Prior studies had shown that the punctate IF fine specificity was conferred by V_H (10), but we investigated whether expression of this pattern required the IgM valency structure. The approach was to generate an IgG1 isotype switch variant from a murine IgM that has punctate IF and to express 18B7 V_H as a murine IgM. An IgG1 isotype-switched variant was generated from the murine IgM mAb 13F1 that displays punctate IF. Like the parent 13F1 IgM, the 13F1 IgG1 isotype-switched variant revealed punctate IF, a finding indicating that the IF pattern was not restricted to the IgM class. However, expression of the 18B7 V_H with the murine µ-chain to generate a murine IgM produced a different IF pattern than the parent IgG1 mAb 18B7. In fact, the pattern of the 18B7 IgM was very similar to the punctate IF observed with chIgM, chIgG3, and mAb 13F1. These results indicate that punctate IF patterns can be observed with both IgM and IgG isotypes. For the specific case of 18B7 IgM, the change from annular to punctate observed for IgG1 and IgM, respectively, may reflect a change in fine specificity resulting from greater avidity. This phenomenon may be similar to that observed to occur for murine IgG3 to streptococcal polysaccharide which can form different types of Ag-Ab complexes than other V region identical IgG isotypes because of ability to aggregate and increase its avidity (1).

chIgG3 also produced a punctate IF pattern, but retained reactivity with the anti-Id mAb, suggesting that steric and/or flexibility constraints may also contribute to the altered fine specificity observed for both IgM and IgG3. Among human IgG subclasses IgG3 is the most flexible, as evidenced by its ability to form ring dimers with anti-Id mAbs (24). IgG3 complexes also demonstrated the largest Fab-Fab angles among IgG subclasses bound to anti-Id mAbs, presumably due to their extended hinge region (24). However, human IgM monomers are even more effective than IgG3 at forming ring dimers, suggesting that it is the most flexible Ab class (25). Because GXM is a polysaccharide with repeating epitopes and both human IgM and IgG3 are multivalent ligands which display great flexibility for their Fab domains, it is possible that the punctate patterns reflect the formation of Ag-Ab complexes in the capsule with different geometry than those associated with the annular IF pattern. Consistent with this view is the observation that Abs which produce annular IF on wild-type C. neoformans strains produce punctate IF when binding to mutants that express O-acetylation-deficient GXM, which is more flexible polysaccharide structure and may form different types of Ag-Ab complexes in the capsule (26). Another factor that may contribute to the type of complexes formed is the nature of the exposed surfaces of the various isotypes. In this regard, liquid partition studies have shown that human IgM and IgG3 also appear to have different surface properties from each other and from other IgG subclasses which could conceivably affect the microenvironment in which the complexes are formed (27). For chIgG4, the alteration of the IF pattern to a thick annular type may reflect the ability of IgG4 molecules to self interact, a phenomenon proposed to account for both its apparent monovalence and its capacity to form bispecific molecules (28).

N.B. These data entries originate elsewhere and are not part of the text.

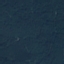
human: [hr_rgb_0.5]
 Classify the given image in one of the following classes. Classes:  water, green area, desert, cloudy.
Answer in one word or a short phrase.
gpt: green area
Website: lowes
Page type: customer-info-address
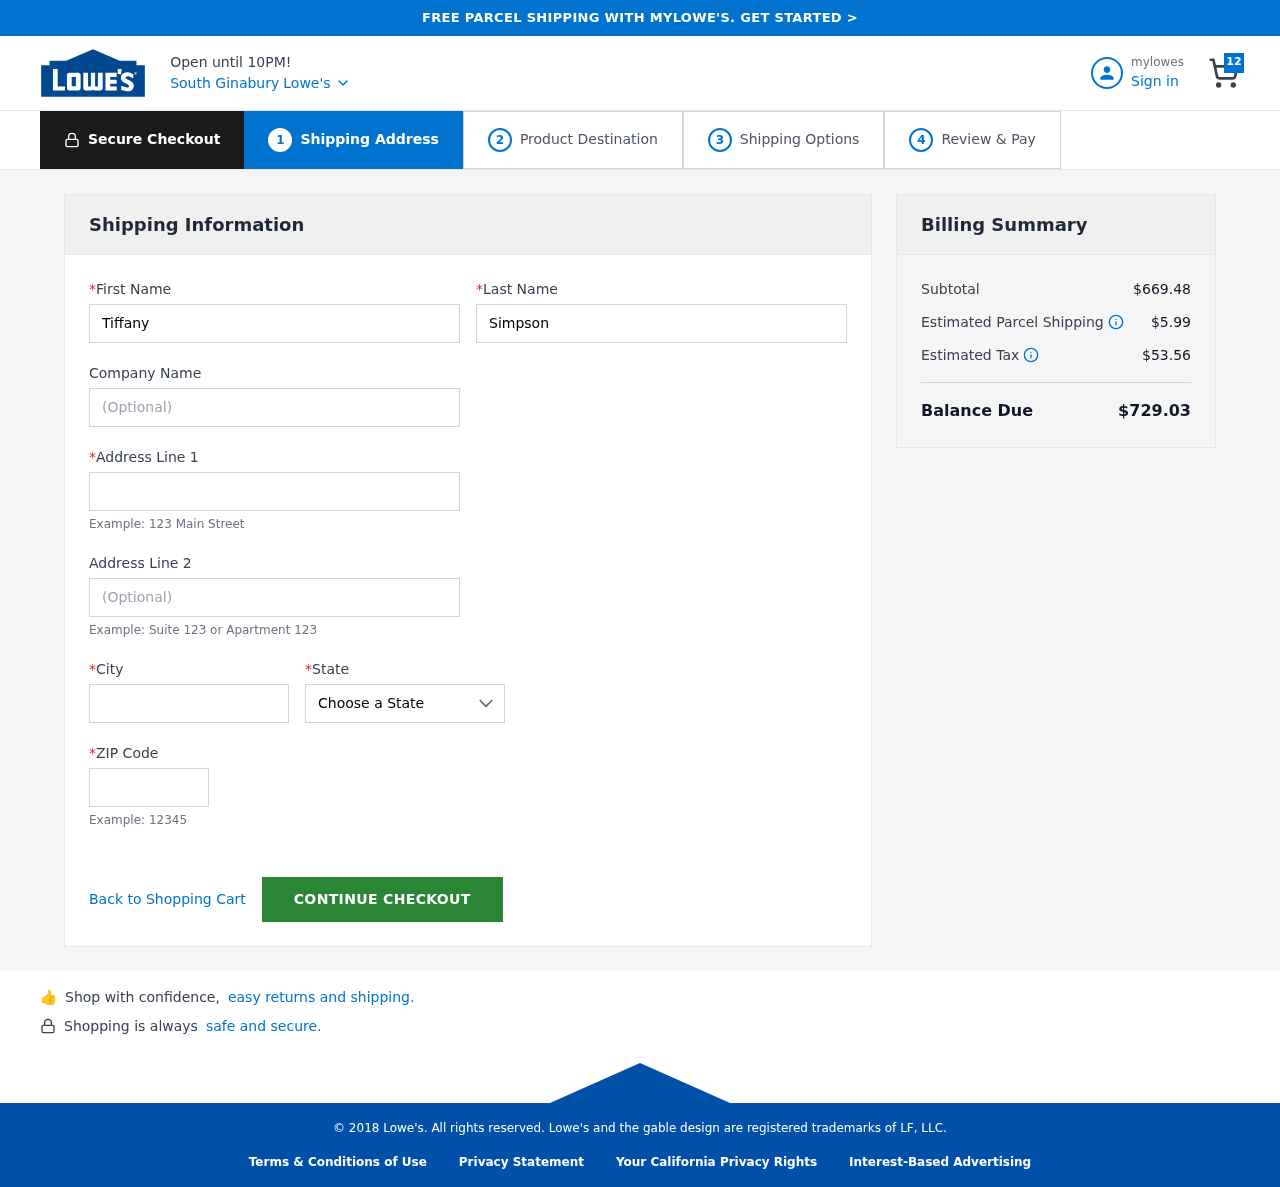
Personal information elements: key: PII_CITY
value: South Ginabury
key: PII_FIRSTNAME
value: Tiffany
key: PII_LASTNAME
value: Simpson
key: PII_POSTCODE
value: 28361
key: PII_STATE
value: MP
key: PII_STREET
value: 445 Tracy Ports Apt. 819
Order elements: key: ORDER_NUM_ITEMS
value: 12
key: ORDER_SUBTOTAL
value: $669.48
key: ORDER_SHIPPING_COST
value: $5.99
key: ORDER_TAX
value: $53.56
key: ORDER_TOTAL
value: $729.03
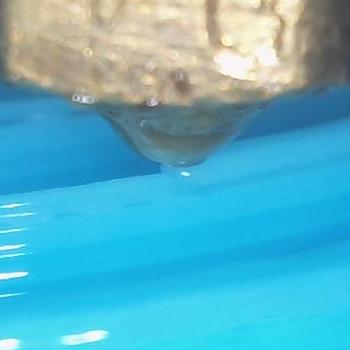
Flow rate: 238%

In summary, we observed a change in IF pattern from annular to punctate when 18B7 V_H was expressed with murine and human µ C region and with human 3 c and 4 c. For each Ab, the explanation for the change in fine specificity may be different. For chIgM, this phenomenon may reflect an altered Fab structure (as evidenced by loss of Id reactivity and reduced affinity), greater intrinsic Fab flexibility (25), or different Ig surface properties (27). For the murine 18B7 IgM, the change in specificity may reflect a difference in avidity as reported for Abs to streptococcal polysaccharide (1). For the chIgG3, the change in specificity may reflect the enhanced Fab flexibility of this isotype relative to other IgGs (24), or different Ig surface properties (27). Furthermore, we did note variations in IF after binding C. neoformans and in the reactivity with GXM and peptide mimetics for the IgG1, IgG2, and IgG4 chs, suggesting that more subtle changes in fine specificity may have also occurred in the other ch Abs.

The results of this study also shed light on the requirements for generation of the punctate IF pattern. Before this study, the punctate IF pattern had been observed only with two murine IgMs known as 13F1 and 21D2 (15). Recently, we used site-directed mutagenesis to establish that changing two amino acids in the in V region of an IgM mAb could change the IF pattern from annular to punctate (10). In this study, we demonstrate that the same V can produce annular or punctate patterns depending on which human or mouse C region it is associated with. Hence, the type of IF pattern is dependent on both the primary structure of the V region and the conformation of the Ag combining sites as determined by the associated C region.

Our observations add to the growing body of evidence that in certain circumstances, the Ig C region can affect the fine specificity of an Ab molecule. There are at least two potential mechanisms for this phenomenon. First, the C region could affect V region folding. This mechanism could explain isotype-related differences in Id immunogenicity (23) and the simultaneous loss of Id recognition for the chIgM and altered IF pattern on binding C. neoformans noted in this study. Second, the C region could influence the specificity of an Ab for an Ag with repeating epitopes through effects on segmental flexibility and the ability of certain Fc regions to associate (1). This phenomenon was demonstrated for a family of murine mAbs to group A streptococcal polysaccharide with identical V region which show isotype-related differences in their ability to bind bacterial strains expressing different epitope densities (1). Furthermore, there is evidence that C regions can affect the neutralizing activity of V-region identical Abs to human cytomegalovirus, possibly as a result of differences in the binding domain of the Ab to the target glycoprotein as a consequence of Fc-related effects (29). Another study reported that changing the C region of a viral enhancing murine mAb from IgG3 to a human IgG1 abrogated its deleterious activity in vitro, possibly as a result of changing the three-dimensional structure of the virus-Ab complex (30).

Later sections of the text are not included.